The package contains the following source files:

``HTSeq/__init__.py``:
   The outer face of HTSeq. This file defines the name space of HTSeq and contains
   the definition of all classes without performance-critical methods. The file
   imports ``_HTSeq`` in its own namespace, so that, for the user, it does not matter
   whether an object is defined here or in ``_HTSeq.pyx``.
   
``src/HTSeq/_HTSeq.pyx``:
   The core of HTSeq. All classes with perfomance-critical methods are defined here.
   For most of it, this file looks as a normal Python file. Only where performance
   is critical, type annotation has been added. See the Cython manual for details.
   
``src/HTSeq/_HTSeq.pxd``:
   The "header file" for ``_HTSeq.pyx``. It contains the type annotation for all the
   fields of the classes defined in ``_HTSeq.pyx``. If a user would want to write her
   own Cython code, she could use Cython's ``cimport`` directive to import this header
   file and so make Cython aware of the typed definitions of fields and methods in
   ``_HTSeq.pyx``, which may improve performance because it allows Cython to kick out
   all unnecessary type checking.
   
``HTSeq/_HTSeq_internal.py``:
   There are a few limitation to the standard Python code allowed in Cython files;
   most importantly, the ``yield`` statement is not yet supported. Hence, ``_HTSeq.pyx``
   imports this file, and whenever a method in ``_HTSeq.pyx`` needs a ``yield``, 
   it calls a function which is put in here.
   
``src/step_vector.h``:
   The C++ ``step_vector`` class template. As this is a pure template, there is no 
   ``step_vector.cc`` file with definitions. If you want to use a ``step_vector`` in
   a C++ project, this is all you need.
   
``src/StepVector.i``:
   An input file to SWIG, which produces the Python wrapper around ``step_vector.h``, i.e.,
   the ``StepVector`` module containing the ``StepVector`` class. Note that this file contains
   not only SWIG directives but also Python and come C++ code. 
   
``src/AutoPyObjPtr.i``: 
   A very small SWIG library that allows SWIG-wrapped C++ container classes to
   store Python objects in a way that Python's garbage collector is happy with.

``HTSeq/scripts/count.py`` and ``HTSeq/scripts/qa.py``:
   The source code for the stand-alone scripts ``htseq-count`` and ``htseq-qa``.
   They reside in the sub-package ``HTSeq.scripts``, allowing to call the scripts
   with, e.g., ``python -m HTSeq.scripts.qa``.

``scripts/htseq-count`` and ``scripts/htseq-qa``:
   Short stubs to call the scripts from the command line simply as, e.g., ``htseq-qa``.

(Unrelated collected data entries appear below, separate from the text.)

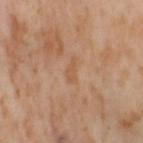| key | value |
|---|---|
| illumination | cross-polarized |
| subject | female, aged 53–57 |
| automated lesion analysis | a classifier nevus-likeness of about 0/100 and lesion-presence confidence of about 100/100 |
| image source | total-body-photography crop, ~15 mm field of view |
| body site | the right thigh |
| lesion size | ≈3 mm |
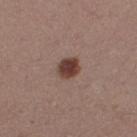follow-up: imaged on a skin check; not biopsied | location: the right thigh | automated lesion analysis: a footprint of about 5.5 mm², an outline eccentricity of about 0.65 (0 = round, 1 = elongated), and a symmetry-axis asymmetry near 0.2; a mean CIELAB color near L≈40 a*≈19 b*≈23 and about 14 CIELAB-L* units darker than the surrounding skin; a border-irregularity index near 1.5/10, a within-lesion color-variation index near 3/10, and a peripheral color-asymmetry measure near 1; a nevus-likeness score of about 100/100 and lesion-presence confidence of about 100/100 | lesion diameter: ≈3 mm | illumination: white-light illumination | acquisition: total-body-photography crop, ~15 mm field of view | patient: female, aged around 30.
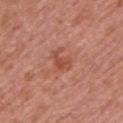<lesion>
<biopsy_status>not biopsied; imaged during a skin examination</biopsy_status>
<patient>
  <sex>male</sex>
  <age_approx>65</age_approx>
</patient>
<site>left upper arm</site>
<image>
  <source>total-body photography crop</source>
  <field_of_view_mm>15</field_of_view_mm>
</image>
</lesion>
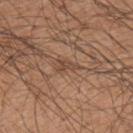Q: Where on the body is the lesion?
A: the left upper arm
Q: What are the patient's age and sex?
A: male, aged 58 to 62
Q: What did automated image analysis measure?
A: an area of roughly 3 mm², a shape eccentricity near 0.9, and a symmetry-axis asymmetry near 0.5; an average lesion color of about L≈46 a*≈18 b*≈29 (CIELAB) and a lesion–skin lightness drop of about 8; a border-irregularity index near 6/10, a color-variation rating of about 0/10, and a peripheral color-asymmetry measure near 0
Q: What kind of image is this?
A: total-body-photography crop, ~15 mm field of view
Q: How was the tile lit?
A: white-light illumination
Q: What is the lesion's diameter?
A: ≈3 mm
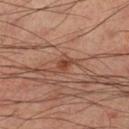Imaged during a routine full-body skin examination; the lesion was not biopsied and no histopathology is available.
Imaged with cross-polarized lighting.
The lesion is located on the left lower leg.
A region of skin cropped from a whole-body photographic capture, roughly 15 mm wide.
A male subject, approximately 45 years of age.
The total-body-photography lesion software estimated about 8 CIELAB-L* units darker than the surrounding skin and a normalized border contrast of about 7.
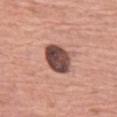Q: What kind of image is this?
A: total-body-photography crop, ~15 mm field of view
Q: What are the patient's age and sex?
A: female, aged approximately 65
Q: Illumination type?
A: white-light illumination
Q: Lesion size?
A: ~4.5 mm (longest diameter)
Q: Where on the body is the lesion?
A: the left thigh
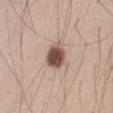Assessment: Captured during whole-body skin photography for melanoma surveillance; the lesion was not biopsied.
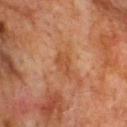Q: How large is the lesion?
A: ~3 mm (longest diameter)
Q: What kind of image is this?
A: total-body-photography crop, ~15 mm field of view
Q: What is the anatomic site?
A: the upper back
Q: How was the tile lit?
A: cross-polarized illumination
Q: What are the patient's age and sex?
A: male, aged around 75
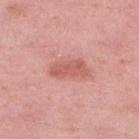Impression: The lesion was photographed on a routine skin check and not biopsied; there is no pathology result.
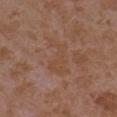Findings:
• follow-up — catalogued during a skin exam; not biopsied
• patient — female, about 35 years old
• tile lighting — white-light
• image — total-body-photography crop, ~15 mm field of view
• body site — the left upper arm
• diameter — ~5 mm (longest diameter)
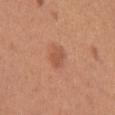biopsy_status: not biopsied; imaged during a skin examination
lesion_size:
  long_diameter_mm_approx: 2.5
automated_metrics:
  area_mm2_approx: 4.0
  eccentricity: 0.75
  shape_asymmetry: 0.15
  cielab_L: 54
  cielab_a: 26
  cielab_b: 34
  vs_skin_darker_L: 8.0
  vs_skin_contrast_norm: 6.0
  border_irregularity_0_10: 1.5
  color_variation_0_10: 1.5
  peripheral_color_asymmetry: 0.5
patient:
  sex: female
  age_approx: 25
site: right upper arm
lighting: white-light
image:
  source: total-body photography crop
  field_of_view_mm: 15
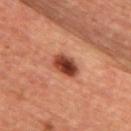<lesion>
  <biopsy_status>not biopsied; imaged during a skin examination</biopsy_status>
  <lesion_size>
    <long_diameter_mm_approx>3.5</long_diameter_mm_approx>
  </lesion_size>
  <patient>
    <sex>female</sex>
    <age_approx>45</age_approx>
  </patient>
  <image>
    <source>total-body photography crop</source>
    <field_of_view_mm>15</field_of_view_mm>
  </image>
  <lighting>cross-polarized</lighting>
  <automated_metrics>
    <area_mm2_approx>7.0</area_mm2_approx>
    <eccentricity>0.8</eccentricity>
    <shape_asymmetry>0.15</shape_asymmetry>
    <vs_skin_darker_L>17.0</vs_skin_darker_L>
    <vs_skin_contrast_norm>12.0</vs_skin_contrast_norm>
    <nevus_likeness_0_100>100</nevus_likeness_0_100>
    <lesion_detection_confidence_0_100>100</lesion_detection_confidence_0_100>
  </automated_metrics>
  <site>upper back</site>
</lesion>

Furthermore, there are these files to support development:

``src/Makefile``:
  Generates C/C++ files from SWIG and Cython source files but does no C/C++ compiling.
  
``setup.py``:
  A typical setuptools setup.py file.
  
``build_it``:
  A three-line shell script that
  * generates a file ``HTSeq/_version.py`` from the file ``VERSION``.
  * calls ``make`` in ``src`` to process ``src/Makefile``
  * runs ``setup.py build`` (see above)
  
``clean``:
  Another two-line shell script to first call ``make clean`` in ``src`` and then
  delete whatever ``setup.py`` may have written.
  
``test.py``
  Performs all the deoctests in the documentation, using the example data in the
  ``example_data`` directory.
  
Finally, there are these files

``VERSION``:
  a one-line text-fil with the version number. It is read by ``setup.py``, used
  by ``build_it`` to generate the one-line Python file ``HTSeq/_version.py`` and
  also used when building the documentation.
  
``MANIFEST.in``:
  Brings some files to the attention of ``setup.py sdist`` which would otherwise not
  be included
  
``LICENCE``:
  The GPL, v3
  
``README``:
  Points the user to the web site.      
  
and these directories

``doc/``:
   this documentation, in Sphinx reStructuredText format, and a Makefile to drive
   Sphinx. 
   
``example_files/``:   
   a few example files to be use by the doctests in the documentation.